The following testimonial to Mr. Brown’s abilities, from an American journal of which Frederick Douglas is editor, shows that his talents are highly appreciated in that country:

“We have the pleasure to lay before our readers another interesting letter from W. Wells Brown. We rejoice to find our friend still persevering in the pursuit of knowledge, and still more do we rejoice to find such marked evidence of his rapid progress as his several letters afford. But a few years ago he was a despised, degraded, whip-scarred slave, knowing nothing of letters; and now we find him writing accounts of his travels in a distant land, of which a man reared under the most favourable educational advantages might be proud.”

We should have said that it was Mr. Brown’s intention to have returned to the United States to his family ere this.

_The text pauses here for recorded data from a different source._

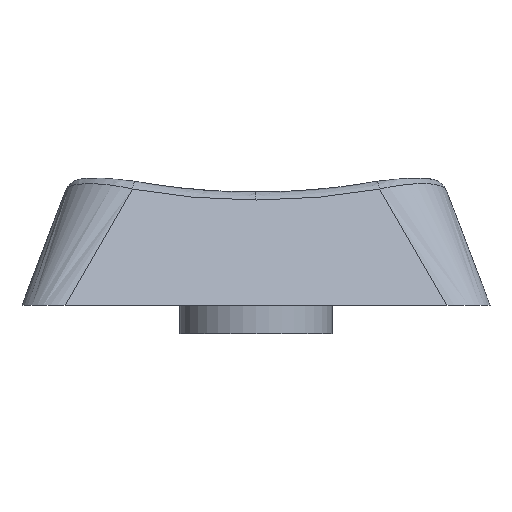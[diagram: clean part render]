
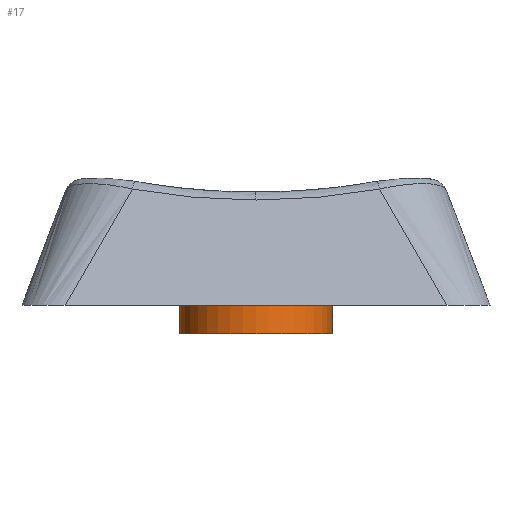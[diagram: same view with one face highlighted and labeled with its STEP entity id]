
A CAD part, left-side view. The second image highlights one B-rep face of the part: STEP entity #17.
In plain terms, the highlighted cylindrical face has radius 2.65 mm (diameter 5.3 mm), a full revolution.
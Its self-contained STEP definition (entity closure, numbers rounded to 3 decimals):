
#17 = ADVANCED_FACE('',(#18),#32,.T.);
#18 = FACE_BOUND('',#19,.F.);
#19 = EDGE_LOOP('',(#20,#50,#77,#78));
#20 = ORIENTED_EDGE('',*,*,#21,.F.);
#21 = EDGE_CURVE('',#22,#24,#26,.T.);
#22 = VERTEX_POINT('',#23);
#23 = CARTESIAN_POINT('',(2.65,0.,-1.));
#24 = VERTEX_POINT('',#25);
#25 = CARTESIAN_POINT('',(2.65,0.,1.));
#26 = SEAM_CURVE('',#27,(#31,#43),.PCURVE_S1.);
#27 = LINE('',#28,#29);
#28 = CARTESIAN_POINT('',(2.65,0.,-1.));
#29 = VECTOR('',#30,1.);
#30 = DIRECTION('',(0.,0.,1.));
#31 = PCURVE('',#32,#37);
#32 = CYLINDRICAL_SURFACE('',#33,2.65);
#33 = AXIS2_PLACEMENT_3D('',#34,#35,#36);
#34 = CARTESIAN_POINT('',(0.,0.,-1.));
#35 = DIRECTION('',(-0.,-0.,-1.));
#36 = DIRECTION('',(1.,0.,0.));
#37 = DEFINITIONAL_REPRESENTATION('',(#38),#42);
#38 = LINE('',#39,#40);
#39 = CARTESIAN_POINT('',(-6.283,0.));
#40 = VECTOR('',#41,1.);
#41 = DIRECTION('',(-0.,-1.));
#42 = ( GEOMETRIC_REPRESENTATION_CONTEXT(2) 
PARAMETRIC_REPRESENTATION_CONTEXT() REPRESENTATION_CONTEXT('2D SPACE',''
  ) );
#43 = PCURVE('',#32,#44);
#44 = DEFINITIONAL_REPRESENTATION('',(#45),#49);
#45 = LINE('',#46,#47);
#46 = CARTESIAN_POINT('',(-0.,0.));
#47 = VECTOR('',#48,1.);
#48 = DIRECTION('',(-0.,-1.));
#49 = ( GEOMETRIC_REPRESENTATION_CONTEXT(2) 
PARAMETRIC_REPRESENTATION_CONTEXT() REPRESENTATION_CONTEXT('2D SPACE',''
  ) );
#50 = ORIENTED_EDGE('',*,*,#51,.F.);
#51 = EDGE_CURVE('',#22,#22,#52,.T.);
#52 = SURFACE_CURVE('',#53,(#58,#65),.PCURVE_S1.);
#53 = CIRCLE('',#54,2.65);
#54 = AXIS2_PLACEMENT_3D('',#55,#56,#57);
#55 = CARTESIAN_POINT('',(0.,0.,-1.));
#56 = DIRECTION('',(0.,0.,1.));
#57 = DIRECTION('',(1.,0.,0.));
#58 = PCURVE('',#32,#59);
#59 = DEFINITIONAL_REPRESENTATION('',(#60),#64);
#60 = LINE('',#61,#62);
#61 = CARTESIAN_POINT('',(-0.,0.));
#62 = VECTOR('',#63,1.);
#63 = DIRECTION('',(-1.,0.));
#64 = ( GEOMETRIC_REPRESENTATION_CONTEXT(2) 
PARAMETRIC_REPRESENTATION_CONTEXT() REPRESENTATION_CONTEXT('2D SPACE',''
  ) );
#65 = PCURVE('',#66,#71);
#66 = PLANE('',#67);
#67 = AXIS2_PLACEMENT_3D('',#68,#69,#70);
#68 = CARTESIAN_POINT('',(0.,0.,-1.));
#69 = DIRECTION('',(0.,0.,1.));
#70 = DIRECTION('',(1.,0.,0.));
#71 = DEFINITIONAL_REPRESENTATION('',(#72),#76);
#72 = CIRCLE('',#73,2.65);
#73 = AXIS2_PLACEMENT_2D('',#74,#75);
#74 = CARTESIAN_POINT('',(0.,0.));
#75 = DIRECTION('',(1.,0.));
#76 = ( GEOMETRIC_REPRESENTATION_CONTEXT(2) 
PARAMETRIC_REPRESENTATION_CONTEXT() REPRESENTATION_CONTEXT('2D SPACE',''
  ) );
#77 = ORIENTED_EDGE('',*,*,#21,.T.);
#78 = ORIENTED_EDGE('',*,*,#79,.F.);
#79 = EDGE_CURVE('',#24,#24,#80,.T.);
#80 = SURFACE_CURVE('',#81,(#86,#93),.PCURVE_S1.);
#81 = CIRCLE('',#82,2.65);
#82 = AXIS2_PLACEMENT_3D('',#83,#84,#85);
#83 = CARTESIAN_POINT('',(0.,0.,1.));
#84 = DIRECTION('',(0.,-0.,-1.));
#85 = DIRECTION('',(1.,0.,-0.));
#86 = PCURVE('',#32,#87);
#87 = DEFINITIONAL_REPRESENTATION('',(#88),#92);
#88 = LINE('',#89,#90);
#89 = CARTESIAN_POINT('',(-6.283,-2.));
#90 = VECTOR('',#91,1.);
#91 = DIRECTION('',(1.,-0.));
#92 = ( GEOMETRIC_REPRESENTATION_CONTEXT(2) 
PARAMETRIC_REPRESENTATION_CONTEXT() REPRESENTATION_CONTEXT('2D SPACE',''
  ) );
#93 = PCURVE('',#94,#99);
#94 = CONICAL_SURFACE('',#95,2.65,0.785);
#95 = AXIS2_PLACEMENT_3D('',#96,#97,#98);
#96 = CARTESIAN_POINT('',(0.,0.,1.));
#97 = DIRECTION('',(0.,0.,1.));
#98 = DIRECTION('',(1.,0.,-0.));
#99 = DEFINITIONAL_REPRESENTATION('',(#100),#104);
#100 = LINE('',#101,#102);
#101 = CARTESIAN_POINT('',(-0.,0.));
#102 = VECTOR('',#103,1.);
#103 = DIRECTION('',(-1.,0.));
#104 = ( GEOMETRIC_REPRESENTATION_CONTEXT(2) 
PARAMETRIC_REPRESENTATION_CONTEXT() REPRESENTATION_CONTEXT('2D SPACE',''
  ) );

But the passage of the infamous “Fugitive Slave Law” prevented his returning.

Mr. Brown’s wife died in Buffalo N.Y. in Jan. 1851. He has two daughters who are now in this country, being trained for teachers. Of course we need not add that for their education they are entirely dependent on their father’s exertions. During last year, the Rev. Edward Hore, of Ramsgate, through a willingness to assist Mr. Brown in returning to the United States, wrote to his former owner, and offered him £50, if he would relinquish all claim to him, and furnish the fugitive with papers of emancipation, but the following note from the slaveowner speaks for itself:

St. Louis, Feb. 16th, 1852.

Rev. sir⁠—I received your note, dated Jan. 6th, concerning a runaway slave of mine now known by the name of William Wells Brown. You state that I offered to take three hundred and twenty five dollars for him, and give him free papers, in 1848. I did so then, but since that time the laws of the United States are materially changed. The Fugitive Slave Bill has passed since then. I can now take him anywhere in the United States, and I have everything arranged for his arrest if he lands at any port in the United States. But I will give him papers of emancipation, properly authenticated by our statutes, for the sum of five hundred dollars (or £100) that will make him as free as any white person. If this suits your views, you can let me know, and I will have the papers made out and forwarded to Boston, to Joseph Gruley, of the firm of Charles Wilkins and Co., 33, Long Wharf. The money must be paid before the papers are handed over to your agent.

Respectfully your obedient servant,

Enoch Price.

To the Rev. Edward Hore.

“We hold these truths to be self-evident: that all men are created equal; that they are endowed by their Creator with certain inalienable rights, and that among these are life, liberty, and the pursuit of happiness.”

Declaration of American Independence Clotel Or, The President’s Daughter: A Narrative of Slave Life in the United States I The Negro Sale

Why stands she near the auction stand,
That girl so young and fair?
What brings her to this dismal place,
Why stands she weeping there?

With the growing population of slaves in the Southern States of America, there is a fearful increase of half whites, most of whose fathers are slaveowners and their mothers slaves. Society does not frown upon the man who sits with his mulatto child upon his knee, whilst its mother stands a slave behind his chair. The late Henry Clay, some years since, predicted that the abolition of negro slavery would be brought about by the amalgamation of the races. John Randolph, a distinguished slaveholder of Virginia, and a prominent statesman, said in a speech in the legislature of his native state, that “the blood of the first American statesmen coursed through the veins of the slave of the South.” In all the cities and towns of the slave states, the real negro, or clear black, does not amount to more than one in every four of the slave population. This fact is, of itself, the best evidence of the degraded and immoral condition of the relation of master and slave in the United States of America.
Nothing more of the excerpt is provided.